Hype seems to be much cheaper now, though. Many Apple products truly had
groundbreaking engineering and design. Many Apple users were well known
because they were talented and creative. Compare this to to Twitter's
technical "challenges" (I mean, seriously - it's very minimal in
UI/functionality side, as it should be. They got plenty of money and can
attract top talent. If not scaling, what have they been doing for the past
year?), and its most well known users...

------
ks
I think the real reason is that Twitter looks so simple, that everyone thinks
they can do better. Deep down, most of us think we're in the top 20%.

I've thought about how I would have made Twitter, but the truth is that the
Twitter problem is probably not something that is easily fixed. The people at
Twitter have had a lot of real world experience and have more data to base
their development on.

------
dood
There is a lot of noise around the subject, but if you boil it down I don't
think it's much of mystery: Twitter represents an important new way to
communicate. People like communicating. Some people also like tech/startups,
so for them it's double the fun.

------
boomshine
For one reason or another, people have an emotional investment in Twitter.
Maybe it's just the cutesy vocabulary and artwork, but I like to think that
people are invested in the promise of Twitter (that is, Twitter as a product
with attractive features).

That, and also how the spectators and critics are investing in themselves by
how much they complain and speculate about how each little thing is being
mismanaged. It is Twitter, after all.

------
atog
I see twitter as my window out of the office.

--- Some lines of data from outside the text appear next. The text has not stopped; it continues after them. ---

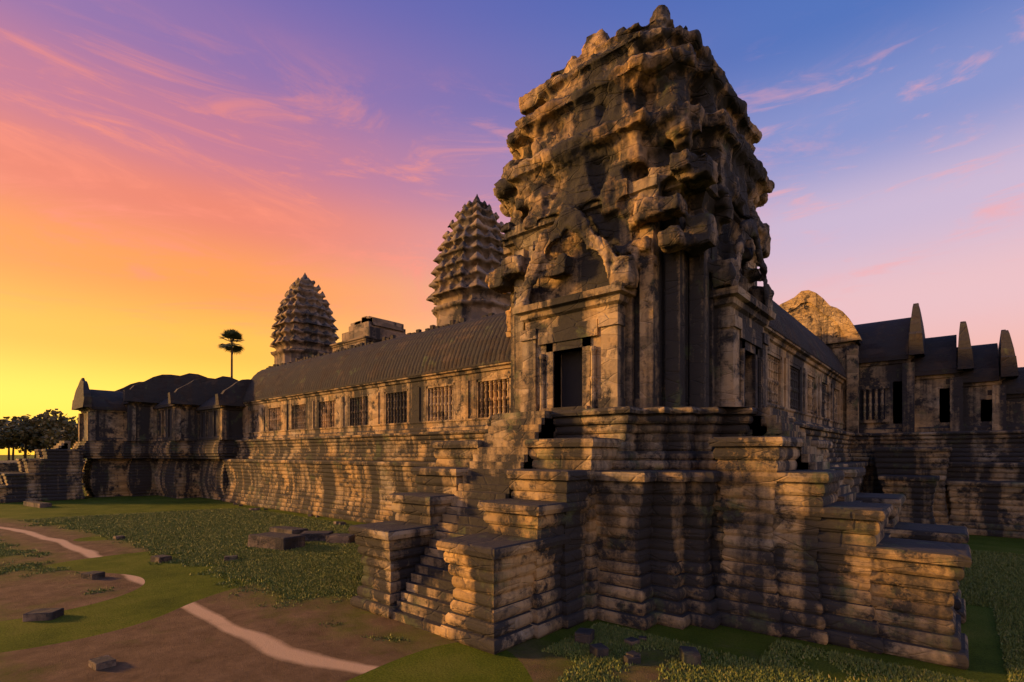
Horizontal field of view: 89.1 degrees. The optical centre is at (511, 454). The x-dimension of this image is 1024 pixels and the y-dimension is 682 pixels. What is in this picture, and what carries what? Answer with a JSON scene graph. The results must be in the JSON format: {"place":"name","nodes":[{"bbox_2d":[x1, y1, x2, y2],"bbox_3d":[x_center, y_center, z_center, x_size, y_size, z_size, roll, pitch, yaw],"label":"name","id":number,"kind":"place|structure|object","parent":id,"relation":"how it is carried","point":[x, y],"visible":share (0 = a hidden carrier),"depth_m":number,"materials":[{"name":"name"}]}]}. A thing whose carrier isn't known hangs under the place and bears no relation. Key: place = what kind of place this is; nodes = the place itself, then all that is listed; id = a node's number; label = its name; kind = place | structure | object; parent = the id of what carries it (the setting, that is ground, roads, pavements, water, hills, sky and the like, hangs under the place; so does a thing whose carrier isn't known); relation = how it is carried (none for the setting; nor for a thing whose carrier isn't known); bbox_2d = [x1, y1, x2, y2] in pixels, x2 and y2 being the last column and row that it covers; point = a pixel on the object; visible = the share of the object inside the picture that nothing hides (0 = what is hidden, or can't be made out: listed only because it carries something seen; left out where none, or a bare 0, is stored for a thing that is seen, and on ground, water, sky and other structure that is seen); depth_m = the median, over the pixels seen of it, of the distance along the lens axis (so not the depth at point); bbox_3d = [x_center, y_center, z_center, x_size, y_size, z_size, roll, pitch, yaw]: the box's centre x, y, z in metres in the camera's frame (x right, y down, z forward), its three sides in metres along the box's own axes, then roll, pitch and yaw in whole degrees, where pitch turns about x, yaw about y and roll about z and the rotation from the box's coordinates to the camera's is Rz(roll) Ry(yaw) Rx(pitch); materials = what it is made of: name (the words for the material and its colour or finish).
{"place":"outdoors","nodes":[
{"label":"outdoors","id":0,"kind":"place"},
{"bbox_2d":[85,411,217,437],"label":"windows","id":1,"kind":"structure","parent":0,"point":[216,421],"depth_m":52.99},
{"bbox_2d":[78,401,243,440],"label":"pavilion walls","id":2,"kind":"structure","parent":0,"point":[137,421],"depth_m":53.60,"materials":[{"name":"brown stone"}]},
{"bbox_2d":[71,373,250,410],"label":"pavilion roofs","id":3,"kind":"structure","parent":2,"relation":"on","point":[168,390],"depth_m":53.93,"materials":[{"name":"grey stone"}]},
{"bbox_2d":[217,328,244,377],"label":"sugar palm","id":4,"kind":"object","parent":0,"point":[233,334],"depth_m":104.55,"materials":[{"name":"green plant"}]},
{"bbox_2d":[330,316,406,350],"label":"rooftop structure","id":5,"kind":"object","parent":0,"point":[366,329],"depth_m":69.13,"materials":[{"name":"beige stone"}]},
{"bbox_2d":[270,273,338,365],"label":"temple tower","id":6,"kind":"structure","parent":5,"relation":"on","point":[303,326],"depth_m":81.84,"materials":[{"name":"stone"}]},
{"bbox_2d":[426,194,510,325],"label":"temple tower","id":7,"kind":"structure","parent":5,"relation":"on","point":[469,257],"depth_m":55.84,"materials":[{"name":"beige stone"}]},
{"bbox_2d":[242,361,510,439],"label":"gallery wall","id":8,"kind":"structure","parent":0,"point":[404,405],"depth_m":35.10,"materials":[{"name":"beige stone"}]},
{"bbox_2d":[243,305,510,401],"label":"gallery roof","id":9,"kind":"structure","parent":8,"relation":"on","point":[463,343],"depth_m":35.34,"materials":[{"name":"grey stone"}]},
{"bbox_2d":[433,381,506,419],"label":"window balusters","id":10,"kind":"object","parent":8,"relation":"in","point":[484,398],"depth_m":29.71,"materials":[{"name":"beige stone"}]},
{"bbox_2d":[0,455,1023,681],"bbox_3d":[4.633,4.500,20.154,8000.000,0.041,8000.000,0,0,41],"label":"ground","id":11,"kind":"structure","parent":0,"point":[143,620],"depth_m":12.95,"materials":[{"name":"green plant"}]},
{"bbox_2d":[0,441,22,448],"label":"tree","id":12,"kind":"object","parent":11,"relation":"on","point":[11,443],"depth_m":292.63,"materials":[{"name":"green plant"}]},
{"bbox_2d":[0,420,37,459],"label":"tree","id":13,"kind":"object","parent":11,"relation":"on","point":[9,433],"depth_m":247.57,"materials":[{"name":"green plant"}]},
{"bbox_2d":[0,414,40,457],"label":"tree","id":14,"kind":"object","parent":11,"relation":"on","point":[26,421],"depth_m":262.95,"materials":[{"name":"green plant"}]},
{"bbox_2d":[14,443,50,457],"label":"tree","id":15,"kind":"object","parent":11,"relation":"on","point":[29,448],"depth_m":299.35,"materials":[{"name":"green plant"}]},
{"bbox_2d":[26,418,44,448],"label":"tree","id":16,"kind":"object","parent":11,"relation":"on","point":[27,442],"depth_m":267.75,"materials":[{"name":"green plant"}]},
{"bbox_2d":[23,501,51,507],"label":"fallen block","id":17,"kind":"object","parent":11,"relation":"on","point":[37,504],"depth_m":44.15,"materials":[{"name":"stone"}]},
{"bbox_2d":[23,608,63,621],"bbox_3d":[-12.860,4.451,14.281,0.704,0.309,0.505,0,0,-11],"label":"fallen block","id":18,"kind":"object","parent":11,"relation":"on","point":[43,614],"depth_m":14.10,"materials":[{"name":"stone"}]},
{"bbox_2d":[0,460,86,471],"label":"terrace","id":19,"kind":"structure","parent":11,"relation":"on","point":[8,465],"depth_m":79.32,"materials":[{"name":"stone"}]},
{"bbox_2d":[24,409,68,444],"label":"tree","id":20,"kind":"object","parent":11,"relation":"on","point":[40,422],"visible":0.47,"depth_m":252.38,"materials":[{"name":"green plant"}]},
{"bbox_2d":[39,423,73,448],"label":"tree","id":21,"kind":"object","parent":11,"relation":"on","point":[43,442],"visible":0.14,"depth_m":248.54,"materials":[{"name":"green plant"}]},
{"bbox_2d":[44,416,77,446],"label":"tree","id":22,"kind":"object","parent":11,"relation":"on","point":[69,432],"visible":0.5,"depth_m":238.63,"materials":[{"name":"green plant"}]},
{"bbox_2d":[81,571,104,579],"bbox_3d":[-15.225,4.452,18.901,0.608,0.307,0.459,0,0,17],"label":"fallen block","id":23,"kind":"object","parent":11,"relation":"on","point":[91,575],"depth_m":18.74,"materials":[{"name":"stone"}]},
{"bbox_2d":[89,655,115,670],"bbox_3d":[-8.684,4.475,11.026,0.455,0.257,0.353,0,0,35],"label":"fallen block","id":24,"kind":"object","parent":11,"relation":"on","point":[101,662],"depth_m":10.94,"materials":[{"name":"stone"}]},
{"bbox_2d":[113,535,124,539],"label":"fallen block","id":25,"kind":"object","parent":11,"relation":"on","point":[118,537],"depth_m":27.48,"materials":[{"name":"stone"}]},
{"bbox_2d":[0,440,238,502],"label":"stone terrace","id":26,"kind":"structure","parent":11,"relation":"on","point":[181,469],"depth_m":52.55,"materials":[{"name":"brown stone"}]},
{"bbox_2d":[150,555,171,562],"bbox_3d":[-14.752,4.441,21.860,0.714,0.335,0.509,0,0,29],"label":"fallen block","id":27,"kind":"object","parent":11,"relation":"on","point":[159,558],"depth_m":21.71,"materials":[{"name":"stone"}]},
{"bbox_2d":[224,555,237,560],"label":"fallen block","id":28,"kind":"object","parent":11,"relation":"on","point":[231,557],"depth_m":21.92,"materials":[{"name":"stone"}]},
{"bbox_2d":[248,532,304,549],"bbox_3d":[-11.379,4.253,25.144,2.413,0.762,1.339,0,0,24],"label":"fallen block","id":29,"kind":"object","parent":11,"relation":"on","point":[278,541],"depth_m":24.64,"materials":[{"name":"stone"}]},
{"bbox_2d":[269,525,308,534],"bbox_3d":[-12.129,4.300,28.255,2.222,0.650,1.032,0,0,35],"label":"fallen block","id":30,"kind":"object","parent":11,"relation":"on","point":[288,529],"depth_m":27.87,"materials":[{"name":"stone"}]},
{"bbox_2d":[299,531,332,541],"bbox_3d":[-10.160,4.326,27.023,1.524,0.574,0.921,0,0,-5],"label":"fallen block","id":31,"kind":"object","parent":11,"relation":"on","point":[315,535],"depth_m":26.60,"materials":[{"name":"stone"}]},
{"bbox_2d":[326,533,355,543],"bbox_3d":[-8.667,4.348,26.452,1.316,0.546,0.821,0,0,12],"label":"fallen block","id":32,"kind":"object","parent":11,"relation":"on","point":[344,538],"depth_m":26.12,"materials":[{"name":"stone"}]},
{"bbox_2d":[222,429,487,522],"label":"stone terrace","id":33,"kind":"structure","parent":11,"relation":"on","point":[357,478],"depth_m":37.32,"materials":[{"name":"brown stone"}]},
{"bbox_2d":[348,411,620,654],"bbox_3d":[-0.896,1.779,15.412,6.660,6.242,5.260,0,0,41],"label":"stair","id":34,"kind":"object","parent":11,"relation":"on","point":[488,544],"visible":0.93,"depth_m":14.13,"materials":[{"name":"stone"}]},
{"bbox_2d":[574,627,593,644],"bbox_3d":[1.743,4.415,12.476,0.389,0.381,0.434,0,0,25],"label":"rubble","id":35,"kind":"object","parent":11,"relation":"on","point":[583,635],"visible":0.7,"depth_m":12.33,"materials":[{"name":"stone"}]},
{"bbox_2d":[589,643,608,657],"bbox_3d":[1.950,4.444,11.637,0.323,0.320,0.360,0,0,-20],"label":"rubble","id":36,"kind":"object","parent":11,"relation":"on","point":[599,650],"visible":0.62,"depth_m":11.52,"materials":[{"name":"stone"}]},
{"bbox_2d":[624,637,639,645],"bbox_3d":[2.846,4.495,12.331,0.280,0.215,0.253,0,0,-39],"label":"rubble","id":37,"kind":"object","parent":11,"relation":"on","point":[631,640],"visible":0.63,"depth_m":12.27,"materials":[{"name":"stone"}]},
{"bbox_2d":[624,655,640,664],"bbox_3d":[2.594,4.481,11.216,0.322,0.245,0.210,0,0,-15],"label":"rubble","id":38,"kind":"object","parent":11,"relation":"on","point":[629,659],"visible":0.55,"depth_m":11.13,"materials":[{"name":"stone"}]},
{"bbox_2d":[626,650,639,656],"bbox_3d":[2.644,4.467,11.333,0.240,0.280,0.244,0,0,-32],"label":"rubble","id":39,"kind":"object","parent":38,"relation":"on","point":[632,653],"visible":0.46,"depth_m":11.29,"materials":[{"name":"stone"}]},
{"bbox_2d":[486,406,796,630],"bbox_3d":[4.633,1.572,20.154,12.219,5.844,12.219,0,0,41],"label":"tower base","id":40,"kind":"object","parent":11,"relation":"on","point":[659,553],"visible":0.34,"depth_m":14.08,"materials":[{"name":"brown stone"}]},
{"bbox_2d":[502,173,775,412],"bbox_3d":[4.633,-4.815,20.154,9.260,6.970,9.260,0,0,41],"label":"tower base","id":41,"kind":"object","parent":40,"relation":"on","point":[675,329],"depth_m":16.06,"materials":[{"name":"beige stone"}]},
{"bbox_2d":[562,351,581,406],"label":"tower doors","id":42,"kind":"structure","parent":41,"relation":"in","point":[571,379],"depth_m":17.33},
{"bbox_2d":[485,5,774,331],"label":"temple tower","id":43,"kind":"structure","parent":41,"relation":"on","point":[607,118],"depth_m":16.51,"materials":[{"name":"stone"}]},
{"bbox_2d":[679,646,700,665],"bbox_3d":[3.858,4.426,11.292,0.383,0.368,0.471,0,0,7],"label":"rubble","id":44,"kind":"object","parent":11,"relation":"on","point":[688,654],"visible":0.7,"depth_m":11.09,"materials":[{"name":"stone"}]},
{"bbox_2d":[794,422,869,492],"bbox_3d":[12.905,1.572,27.546,8.138,5.844,22.936,0,0,41],"label":"gallery base","id":45,"kind":"object","parent":11,"relation":"on","point":[840,454],"visible":0.07,"depth_m":28.73,"materials":[{"name":"brown stone"}]},
{"bbox_2d":[708,407,971,669],"bbox_3d":[9.374,1.779,14.624,5.260,6.242,6.660,0,0,41],"label":"stair","id":46,"kind":"object","parent":11,"relation":"on","point":[814,547],"visible":0.98,"depth_m":12.67,"materials":[{"name":"stone"}]},
{"bbox_2d":[850,430,1023,538],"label":"stone base","id":47,"kind":"object","parent":11,"relation":"on","point":[972,482],"visible":0.66,"depth_m":29.22,"materials":[{"name":"brown stone"}]},
{"bbox_2d":[0,507,1023,681],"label":"grass","id":48,"kind":"structure","parent":0,"point":[221,525],"depth_m":18.70,"materials":[{"name":"green plant"}]},
{"bbox_2d":[0,0,1023,454],"label":"sky","id":49,"kind":"structure","parent":0,"point":[169,169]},
{"bbox_2d":[764,326,846,430],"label":"gallery wall","id":50,"kind":"structure","parent":0,"point":[803,386],"depth_m":25.50,"materials":[{"name":"beige stone"}]},
{"bbox_2d":[768,300,846,378],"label":"gallery roof","id":51,"kind":"structure","parent":50,"relation":"on","point":[785,324],"depth_m":25.98,"materials":[{"name":"grey stone"}]},
{"bbox_2d":[779,290,861,343],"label":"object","id":52,"kind":"structure","parent":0,"point":[819,317],"depth_m":34.82,"materials":[{"name":"beige stone"}]},
{"bbox_2d":[860,389,884,419],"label":"window balusters","id":53,"kind":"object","parent":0,"point":[867,403],"visible":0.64,"depth_m":34.11,"materials":[{"name":"brown stone"}]},
{"bbox_2d":[826,340,1023,432],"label":"pavilion walls","id":54,"kind":"structure","parent":0,"point":[928,403],"depth_m":32.63,"materials":[{"name":"beige stone"}]},
{"bbox_2d":[854,303,1023,394],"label":"pavilion roofs","id":55,"kind":"structure","parent":54,"relation":"on","point":[895,339],"depth_m":32.16,"materials":[{"name":"grey stone"}]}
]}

It's that place where everybody
is working, together, but not in the same room.

It's a social thing and I love it.

------
randomhack
Mandatory penny arcade link : <http://www.penny-arcade.com/comic/2008/4/23/>

------
dmose
Blogs = the paparazzi Twitter = Britney Spears

They fester off each other. We're seeing a relatively new phenomenon in terms
of coverage because people inherently love talking about nose dives. It wont'
last...nobody talks about Friendster anymore.

------
sabat
1- The name sounds cool to people. 2- Evan Williams. 3- Technology problems
with an unproven but popular Web 2.0-ish (2nd Wave, if you prefer) add drama.
4- It has a clever, if undeveloped, idea.